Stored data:
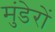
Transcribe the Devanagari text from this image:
मुंडेरों
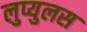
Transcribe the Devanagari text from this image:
लुप्युलस
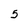
Character: 5
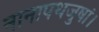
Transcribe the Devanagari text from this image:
नानापथजुषां।
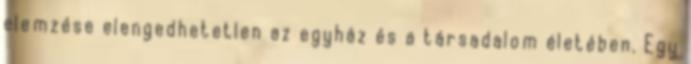
elemzése elengedhetetlen az egyház és a társadalom életében. Egy
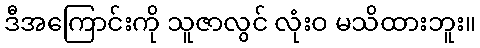
ဒီအကြောင်းကို သူဇာလွင် လုံးဝ မသိထားဘူး။
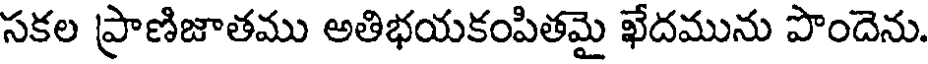
సకల ప్రాణిజాతము అతిభయకంపితమై ఖేదమును పొందెను.
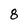
Character: 8
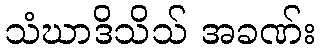
သံဃာဒိသိသ် အခဏ်း
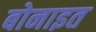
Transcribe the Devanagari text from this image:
बोनाइत
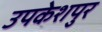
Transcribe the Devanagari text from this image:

## Task instructions
All that is needed is an exact copy of the entries above, minus the pictures.

## Response
Transcribe the Devanagari text from this image:
मुंडेरों
Transcribe the Devanagari text from this image:
लुप्युलस
Character: 5
Transcribe the Devanagari text from this image:
नानापथजुषां।
elemzése elengedhetetlen az egyház és a társadalom életében. Egy
ဒီအကြောင်းကို သူဇာလွင် လုံးဝ မသိထားဘူး။
సకల ప్రాణిజాతము అతిభయకంపితమై ఖేదమును పొందెను.
Character: 8
သံဃာဒိသိသ် အခဏ်း
Transcribe the Devanagari text from this image:
बोनाइत
Transcribe the Devanagari text from this image:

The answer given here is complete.